UPDATE: Elizabeth McAlister had her sentencing on June 8 via video from her  daughter’s home in Connecticut.  The other six Kings Bay Plowshares defendants filed several continuances for their sentencing, which is now scheduled for October 15 and 16.  Because of COVID-19, they have asked for these continuances in order to be able to safely travel to Brunswick, Georgia and appear in open court with family, character witnesses and supporters present.

by Felice & Jack Cohen-Joppa, the Nuclear Resister

After delays and disputes over pre-sentencing reports followed by a court closure due to the coronavirus pandemic, the seven Kings Bay Plowshares activists are due to be sentenced in separate hearings on May 28 and 29 in federal court in Brunswick, Georgia. The dates were announced on April 6, just over two years from the day the seven were arrested inside Kings Bay Naval Base while engaged in symbolic acts of nuclear disarmament.

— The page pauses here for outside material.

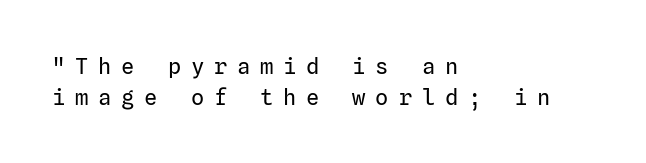
{"italic": "no", "bold": "no", "underline": "no", "align": "left", "line_spacing": "normal", "line_spacing_ratio": 1.4, "letter_spacing": "wide", "letter_spacing_em": 0.45, "glyph_px": 22}
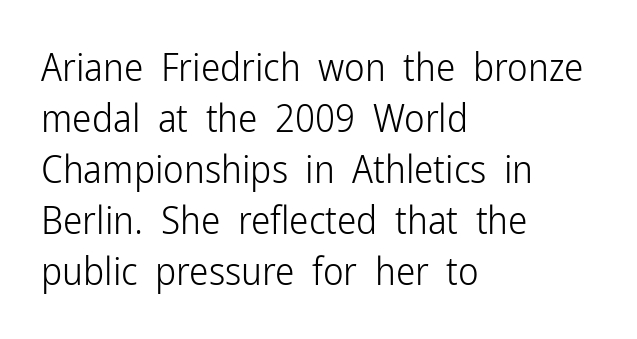
{"serif": "no", "italic": "no", "bold": "no", "weight": "light", "width": "condensed", "stroke_contrast": "low", "x_height": "medium", "monospaced": "no", "underline": "no", "align": "left", "line_spacing": "normal", "line_spacing_ratio": 1.31, "letter_spacing": "normal", "letter_spacing_em": 0.0, "glyph_px": 39}

At press time, it is not yet certain whether the defendants will appear in person or by video, whether spectators will be allowed in the courtroom or access to the proceedings by audio stream, or whether sentencing might be delayed.

The declaration of a National Emergency in mid-March led federal courts around the country to curtail business and restrict access. In southeast Georgia, the federal court put most proceedings on hold, first until April 17 and later through the end of May.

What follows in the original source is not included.